* [Dataset items]
========

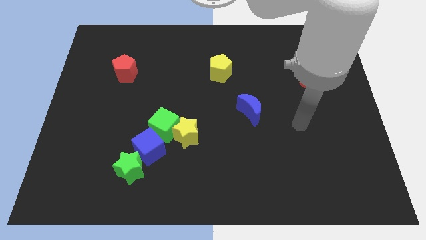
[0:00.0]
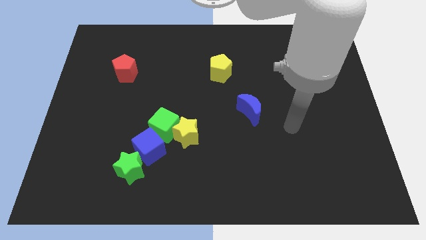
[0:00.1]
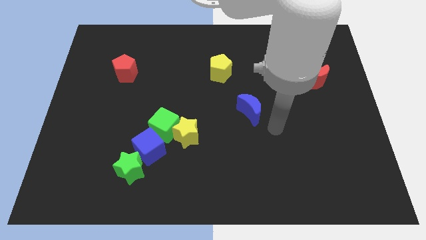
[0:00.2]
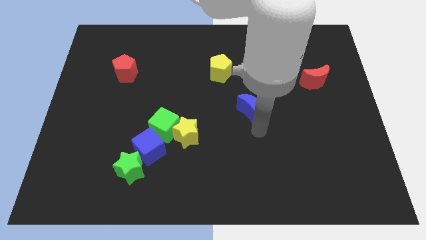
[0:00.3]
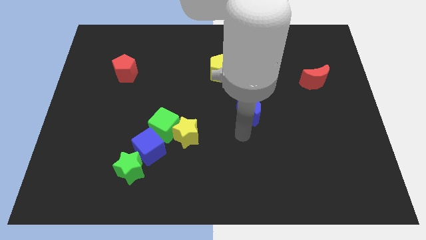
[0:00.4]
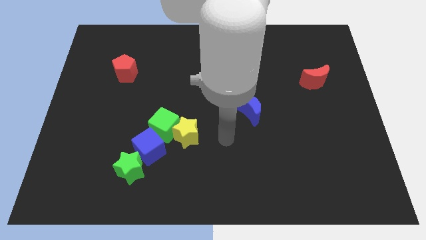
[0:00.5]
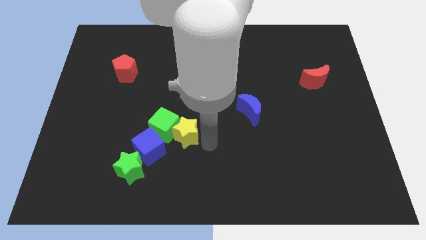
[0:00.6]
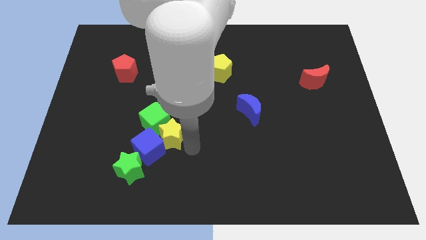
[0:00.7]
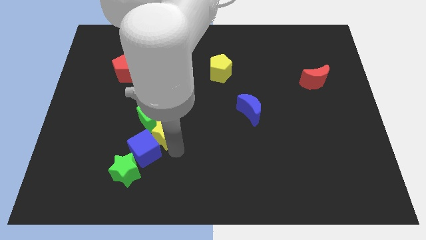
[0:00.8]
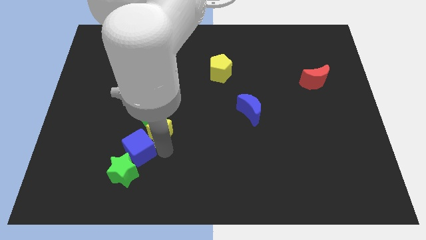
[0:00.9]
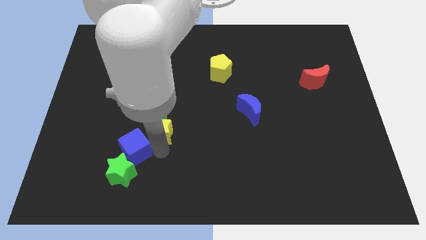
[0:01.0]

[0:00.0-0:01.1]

========

Return the data exactly. Do not carry over any images.

[0:00.0]
[0:00.1]
[0:00.2]
[0:00.3]
[0:00.4]
[0:00.5]
[0:00.6]
[0:00.7]
[0:00.8]
[0:00.9]
[0:01.0]

[0:00.0-0:01.1]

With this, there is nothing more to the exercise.